Вошедший присел на лавку возле ближайшего к стойке широкого стола из широких оструганных досок.
– Как у вас тут бардам платят, а? А то вон уйду куда ещё, а вечером у вас только мыши пировать будут.
Посетитель то ли шутил, то ли говорил серьёзно, понять его сразу казалось невозможным. А понять хотелось
– Да как платят, – женщина смахнула полотенцем мух со стола, – как и везде – ночлег, стол да чаевые, что подадут... А ты не смотри, милсдарь, что сейчас пусто – к обеду уже не протолкнуться будет... У нас же место в округе известное... Ну а жаркое и капустник – это хоть сейчас, в момент подогреть.
Светловолосая девушка, та самая, что первой встретила барда, проскользнула на кухню и, уже оттуда взглянув на гостя.
– Курицу и вина! – вслед ей крикнула старшая.
Гость между тем снял со спины скатку плаща и сложил его на лавку рядом с собой. Потом провёл пальцами по струнам и, видимо оставшись не совсем довольным звучанием инструмента, принялся чуть подкручивать колки, нежно трогая при этом то ту, то иную струну.
– Ночлег, как я понимаю, это отдельную комнату с матрасом, так? – поднял он взгляд на всё ещё стоявшую перед ним хозяйку.
– Так почему бы и нет? – удивилась старшая из женщин, – ежели комнаты свободные есть, мы всегда рады таким гостям...
Она прошлась по залу, поправила скамьи, подняла с пола какой-то мусор и, наконец, подбоченясь, встала у стойки бара.
– Ящерица, ты там совсем пропала? – громко, так, чтобы было слышно на кухне, крикнула она чуть погодя, протирая и без того блестящую поверхность столешницы.
Почти тут же выпорхнула вторая девушка с подносом, уставленным блюдами.
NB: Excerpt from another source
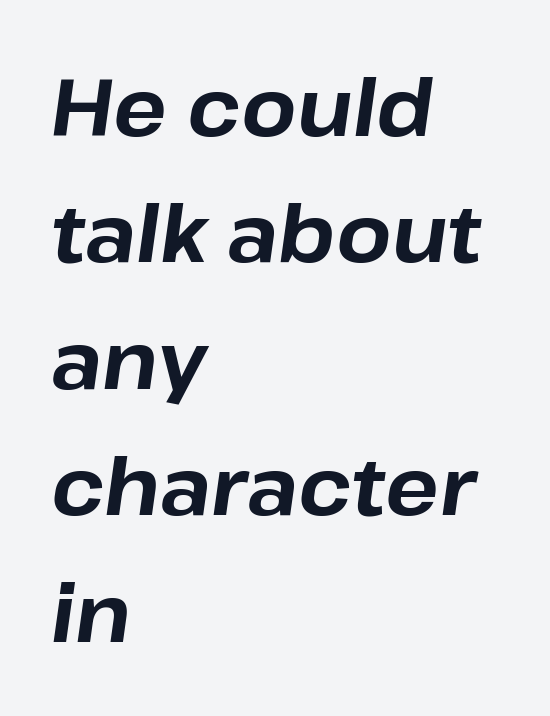
The letters advance in unequal steps, a hallmark of proportional type. Each word holds together tightly as a unit, with standard inter-letter gaps. These lines stack with their left ends in a neat column. The lettering tilts uniformly, giving the passage an italic look. Each glyph is drawn with heavy, bold strokes.

Помимо куска запечёной до румяной корочки курятины, она принесла барду тушеных овощей, свежих огурчиков, зеленого лука, свежего хлеба и кувшин с вином. Расставив всё это на столе, подняла ясные, светло-голубые глаза на посетителя:
– Ещё что-нибудь?
С кухни раздался какой-то грохот и хозяйка, бросив тряпку на стойке, метнулась туда.
– А ты посиди со мной, красавица, а то ведь задёргали, да? – поднял на неё глаза, в синеве которых можно было утонуть, бард.
Он осторожно положил лютню на плащ, зачем-то дохнул на руки и, подвинув к себе миску с овощами, принялся за еду. Длинная прядь его длинных каштановых волос почти касалась жаркого. Бард изредка поправлял её левой рукой, но та, не желая слушаться сползала снова и снова.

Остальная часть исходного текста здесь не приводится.